> **PROMPT**
Report each line of the entries that includes "before" by copying it.

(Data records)
[Start of Attachment]
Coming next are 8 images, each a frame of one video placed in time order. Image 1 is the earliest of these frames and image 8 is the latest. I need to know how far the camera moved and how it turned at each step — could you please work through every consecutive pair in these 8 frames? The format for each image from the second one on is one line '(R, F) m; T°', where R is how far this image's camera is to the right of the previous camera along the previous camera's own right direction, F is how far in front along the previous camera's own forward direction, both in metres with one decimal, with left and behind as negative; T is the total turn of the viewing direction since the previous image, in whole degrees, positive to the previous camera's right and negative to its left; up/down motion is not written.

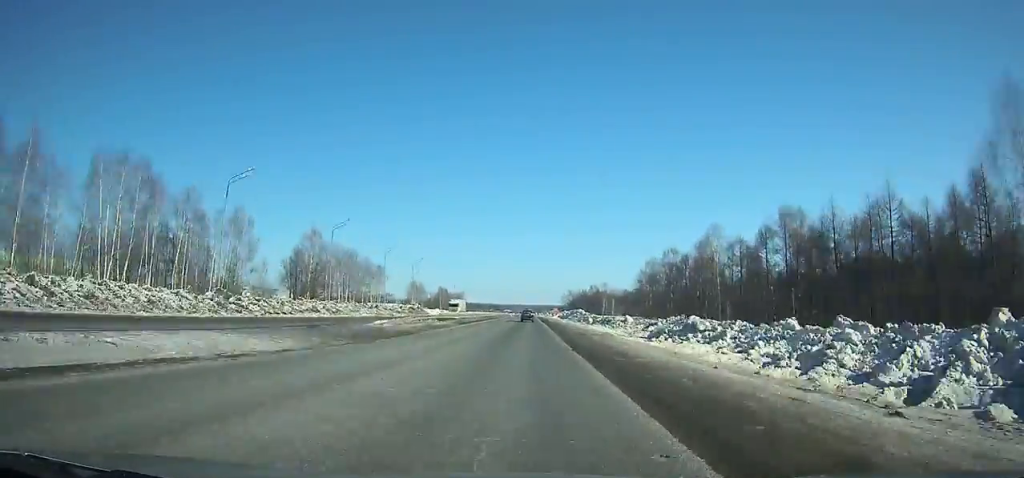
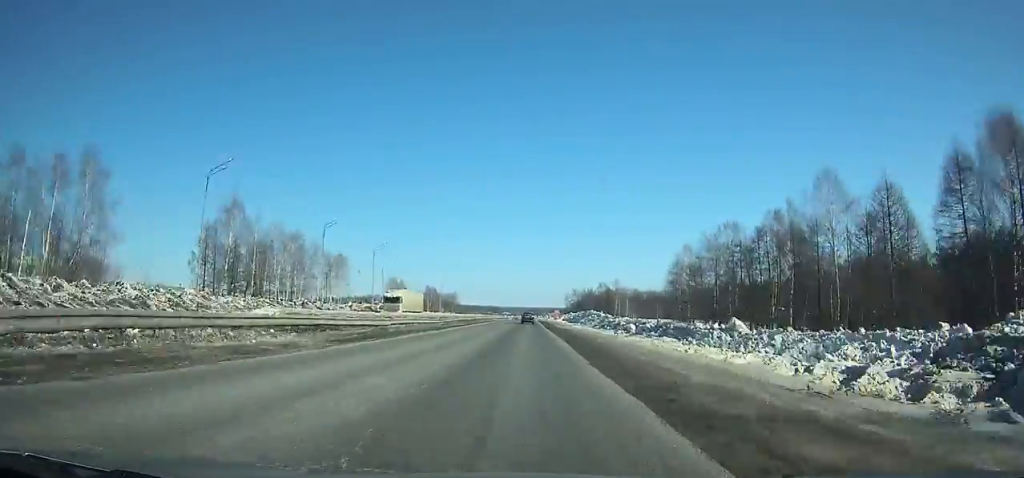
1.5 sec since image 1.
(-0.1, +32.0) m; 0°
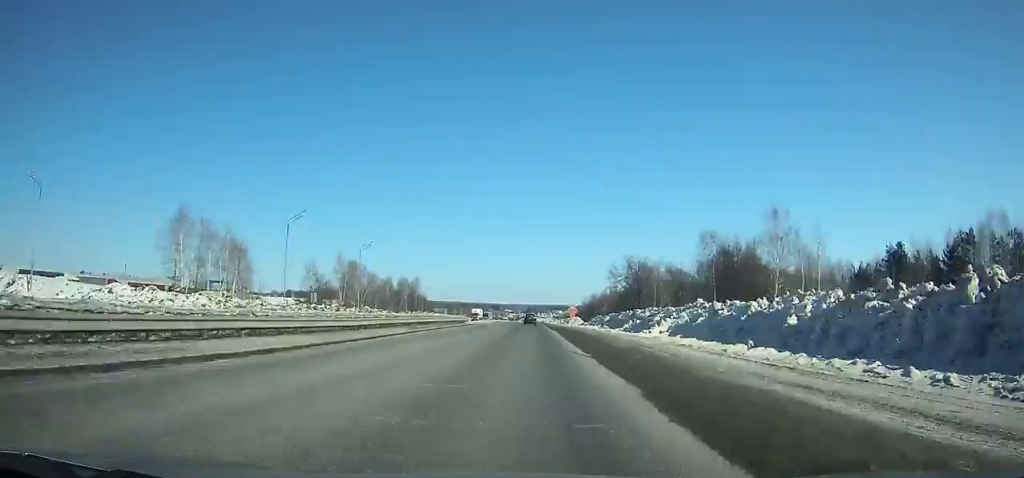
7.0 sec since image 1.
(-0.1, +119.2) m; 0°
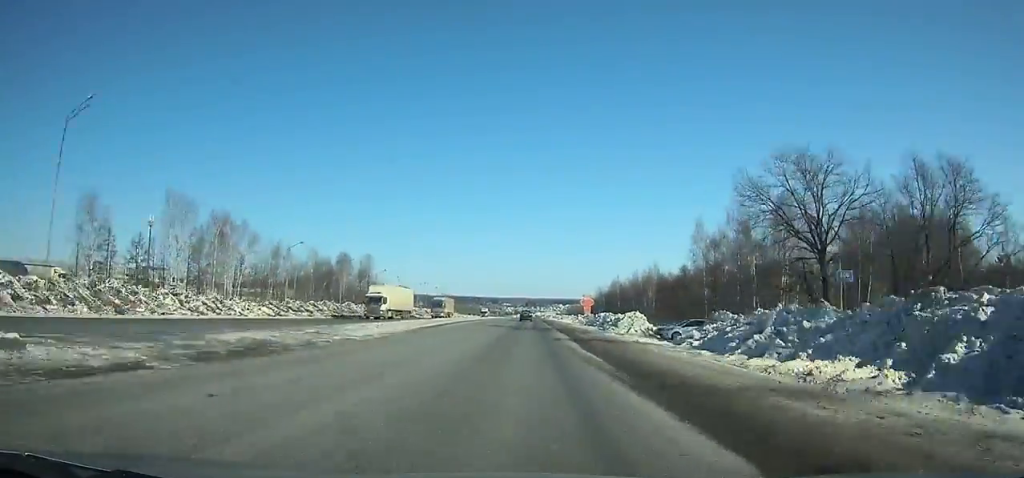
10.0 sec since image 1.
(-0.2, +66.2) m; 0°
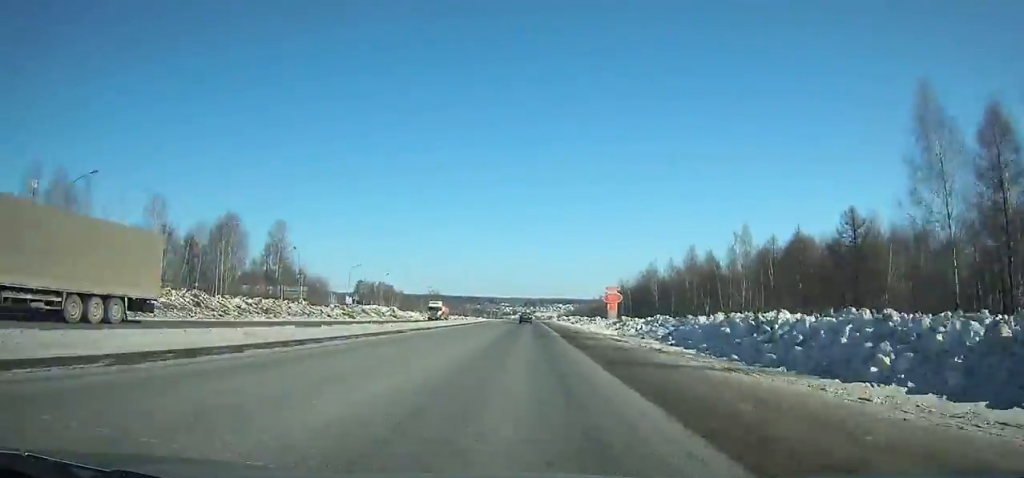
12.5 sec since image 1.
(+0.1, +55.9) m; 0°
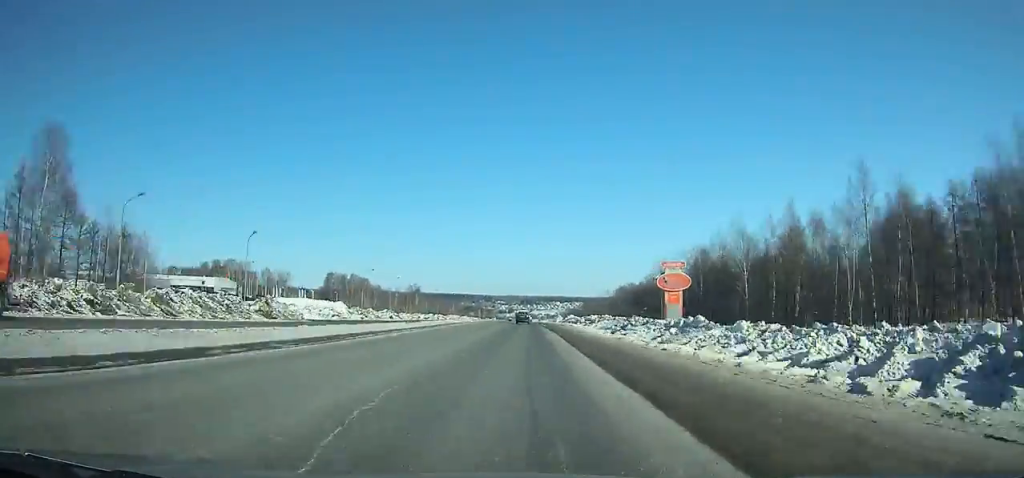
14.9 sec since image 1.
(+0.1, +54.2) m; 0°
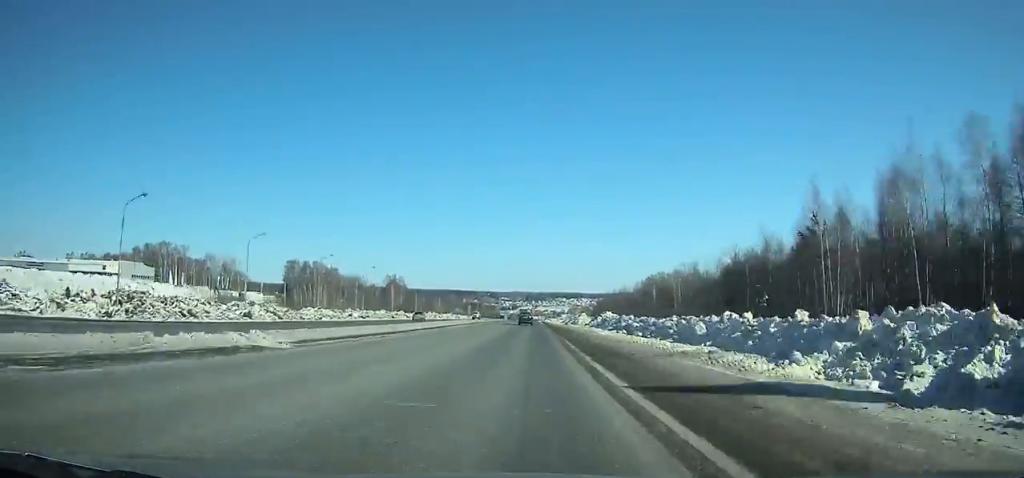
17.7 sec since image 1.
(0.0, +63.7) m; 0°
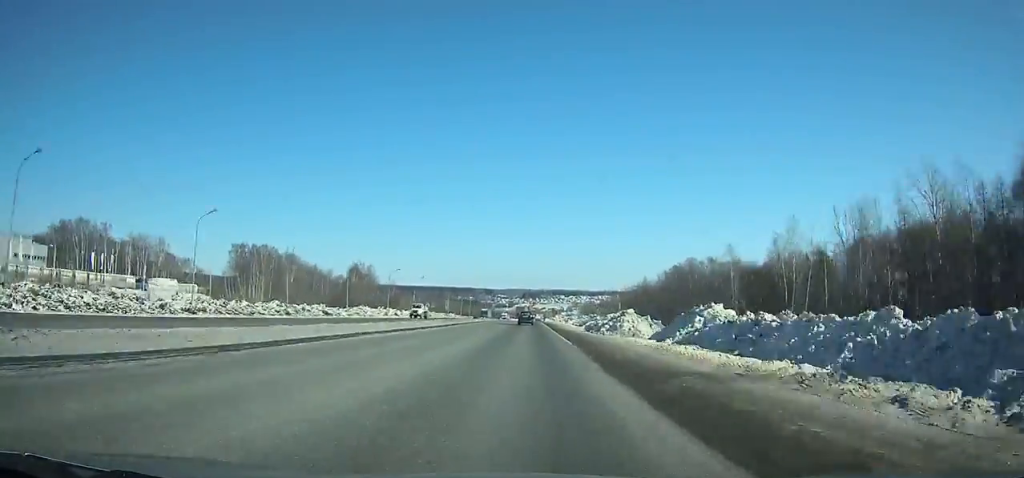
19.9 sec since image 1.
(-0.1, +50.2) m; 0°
[End of Attachment]
[Start of Attachment]
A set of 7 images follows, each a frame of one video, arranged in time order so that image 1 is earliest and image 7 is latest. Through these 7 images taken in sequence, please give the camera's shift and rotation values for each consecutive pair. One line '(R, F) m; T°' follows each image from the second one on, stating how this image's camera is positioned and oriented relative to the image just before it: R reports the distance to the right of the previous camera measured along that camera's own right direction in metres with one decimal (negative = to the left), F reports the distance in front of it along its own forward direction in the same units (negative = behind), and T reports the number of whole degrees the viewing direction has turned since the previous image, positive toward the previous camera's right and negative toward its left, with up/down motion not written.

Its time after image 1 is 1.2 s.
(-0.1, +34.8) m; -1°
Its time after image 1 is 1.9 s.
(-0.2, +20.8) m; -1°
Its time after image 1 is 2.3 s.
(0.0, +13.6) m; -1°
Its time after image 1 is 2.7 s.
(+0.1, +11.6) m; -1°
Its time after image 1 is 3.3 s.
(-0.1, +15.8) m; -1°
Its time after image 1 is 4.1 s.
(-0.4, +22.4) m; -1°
[End of Attachment]
[Start of Attachment]
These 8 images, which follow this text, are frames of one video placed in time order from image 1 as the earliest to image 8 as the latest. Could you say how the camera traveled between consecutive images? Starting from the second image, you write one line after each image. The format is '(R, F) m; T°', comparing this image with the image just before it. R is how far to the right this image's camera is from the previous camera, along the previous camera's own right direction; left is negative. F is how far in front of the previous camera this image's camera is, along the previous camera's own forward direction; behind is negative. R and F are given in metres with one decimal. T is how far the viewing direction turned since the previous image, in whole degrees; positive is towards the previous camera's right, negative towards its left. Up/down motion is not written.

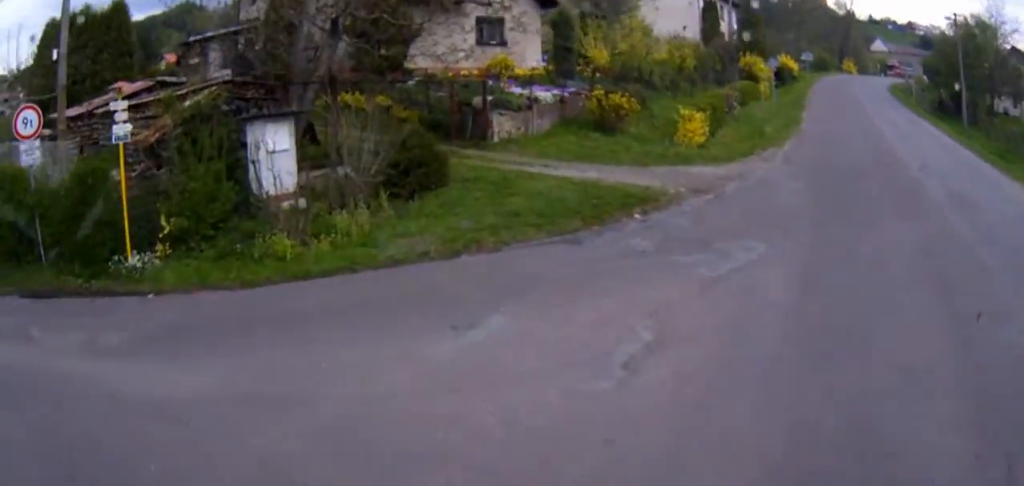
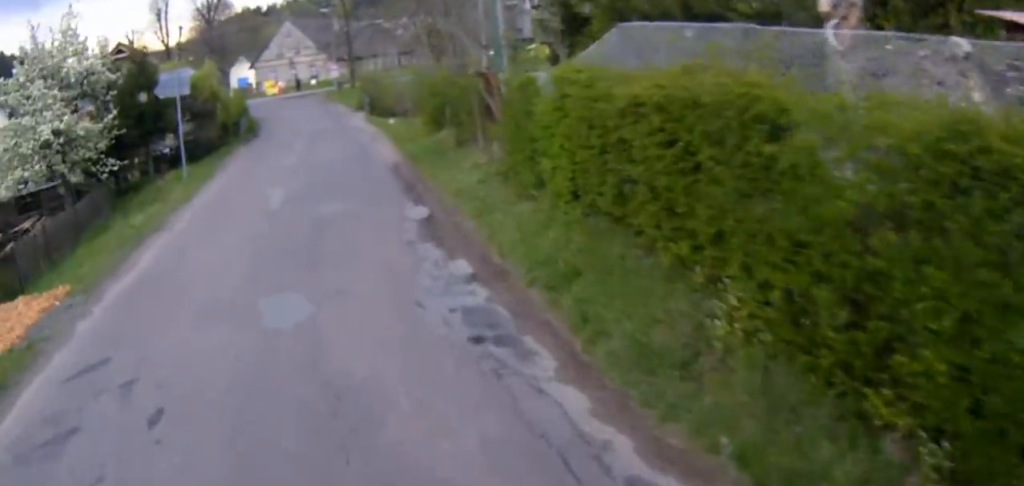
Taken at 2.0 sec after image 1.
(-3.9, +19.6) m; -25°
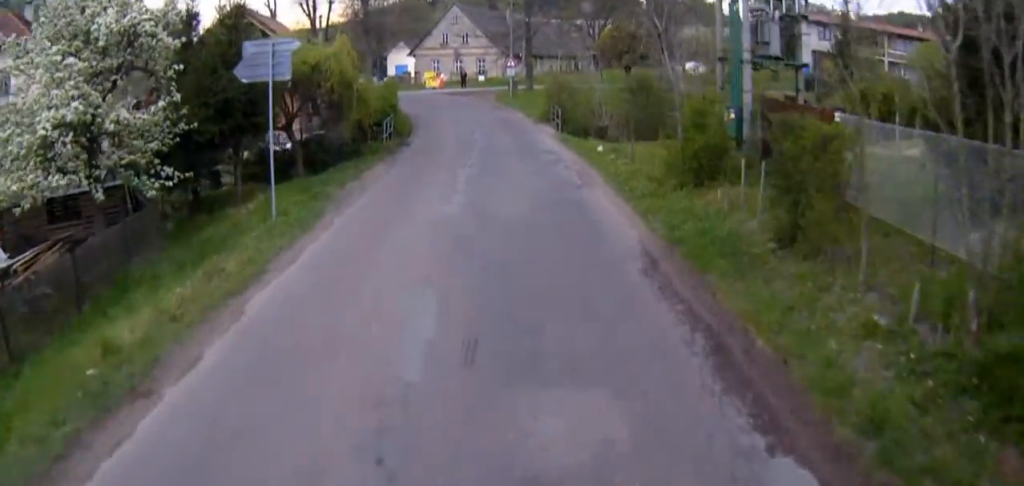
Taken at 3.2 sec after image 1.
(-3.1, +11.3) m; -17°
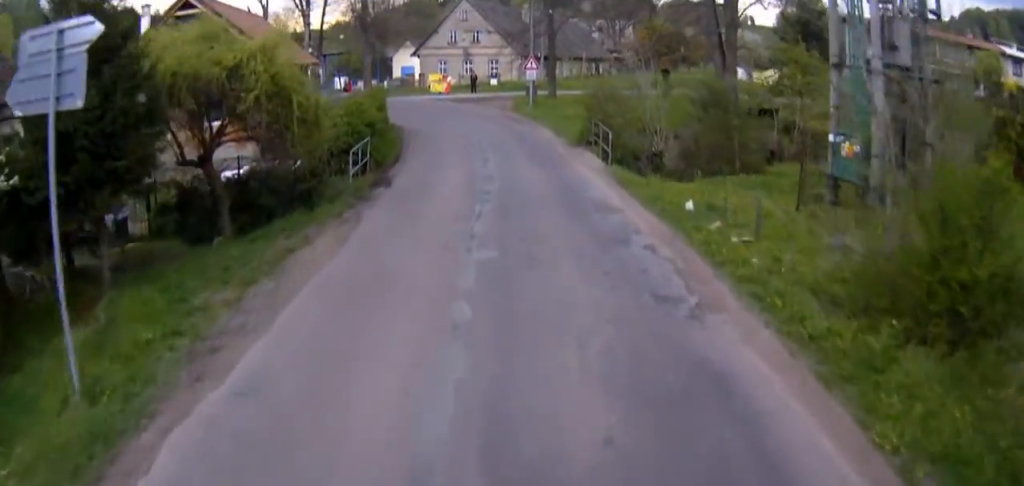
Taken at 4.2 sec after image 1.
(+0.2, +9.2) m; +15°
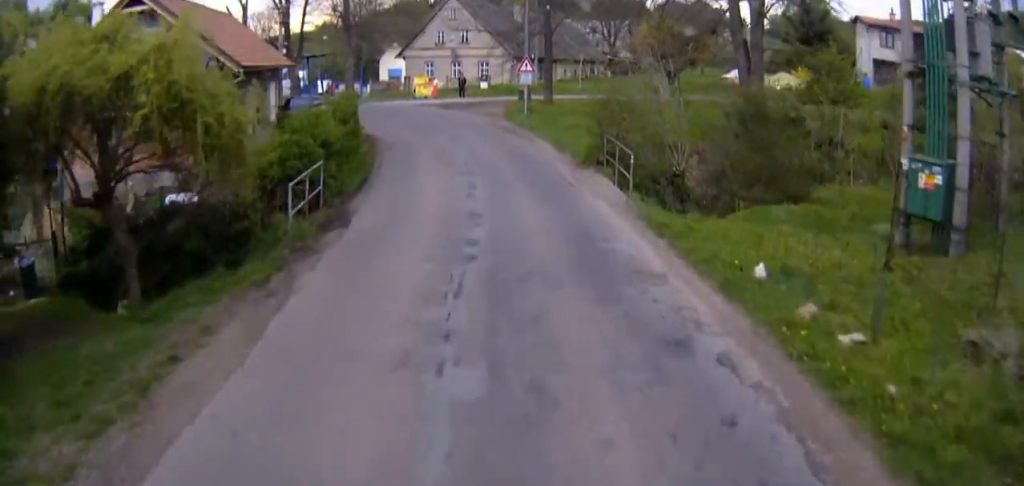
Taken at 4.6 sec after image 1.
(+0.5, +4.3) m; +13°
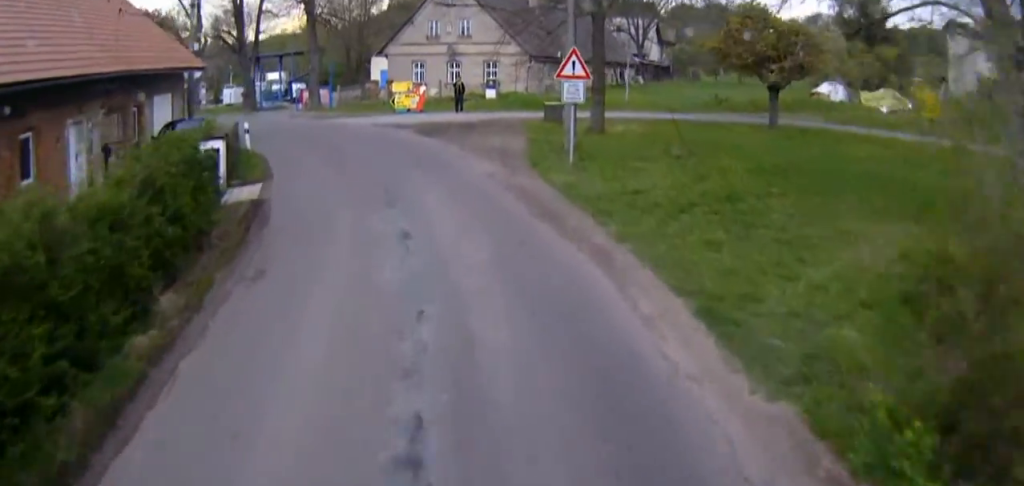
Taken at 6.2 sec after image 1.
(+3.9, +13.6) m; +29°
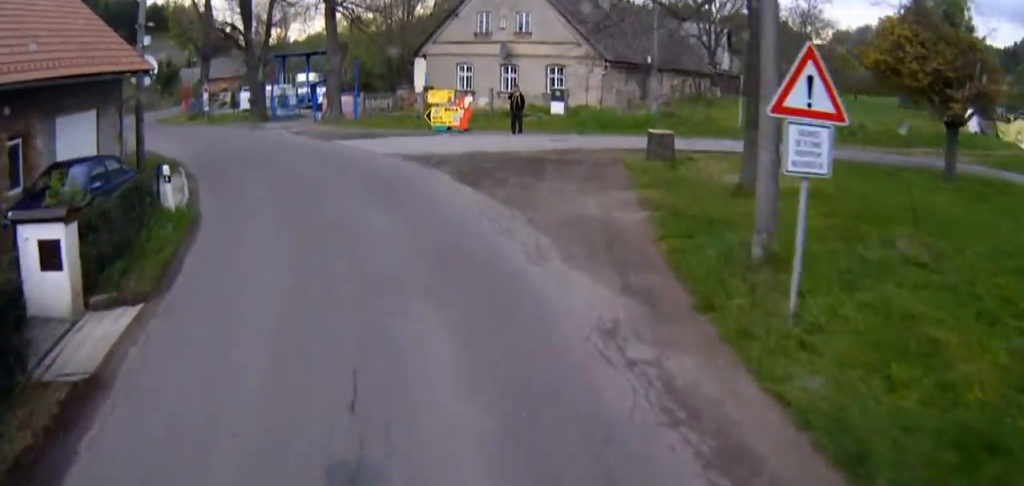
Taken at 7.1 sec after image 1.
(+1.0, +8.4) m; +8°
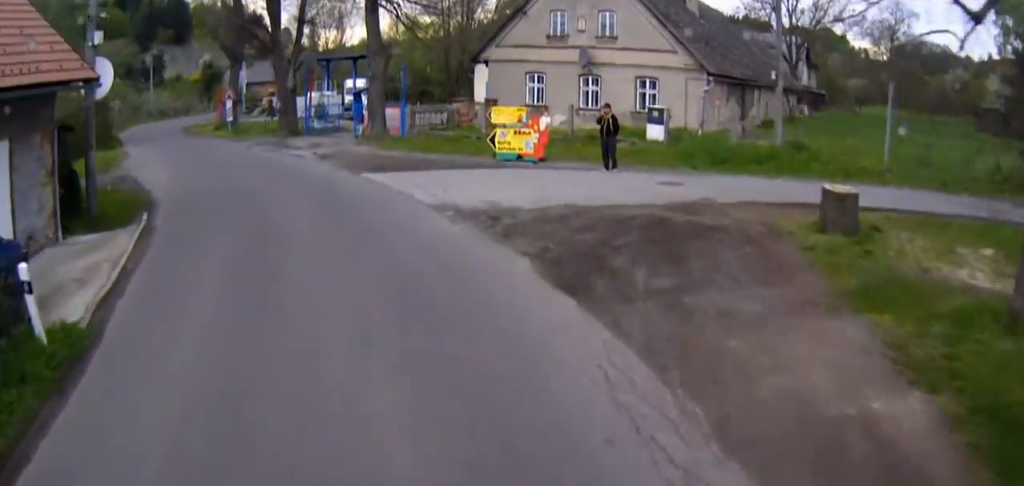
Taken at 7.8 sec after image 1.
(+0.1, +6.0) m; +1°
[End of Attachment]
> **RESULT FOR THIS TASK**
A set of 7 images follows, each a frame of one video, arranged in time order so that image 1 is earliest and image 7 is latest. Through these 7 images taken in sequence, please give the camera's shift and rotation values for each consecutive pair. One line '(R, F) m; T°' follows each image from the second one on, stating how this image's camera is positioned and oriented relative to the image just before it: R reports the distance to the right of the previous camera measured along that camera's own right direction in metres with one decimal (negative = to the left), F reports the distance in front of it along its own forward direction in the same units (negative = behind), and T reports the number of whole degrees the viewing direction has turned since the previous image, positive toward the previous camera's right and negative toward its left, with up/down motion not written.
These 8 images, which follow this text, are frames of one video placed in time order from image 1 as the earliest to image 8 as the latest. Could you say how the camera traveled between consecutive images? Starting from the second image, you write one line after each image. The format is '(R, F) m; T°', comparing this image with the image just before it. R is how far to the right this image's camera is from the previous camera, along the previous camera's own right direction; left is negative. F is how far in front of the previous camera this image's camera is, along the previous camera's own forward direction; behind is negative. R and F are given in metres with one decimal. T is how far the viewing direction turned since the previous image, in whole degrees; positive is towards the previous camera's right, negative towards its left. Up/down motion is not written.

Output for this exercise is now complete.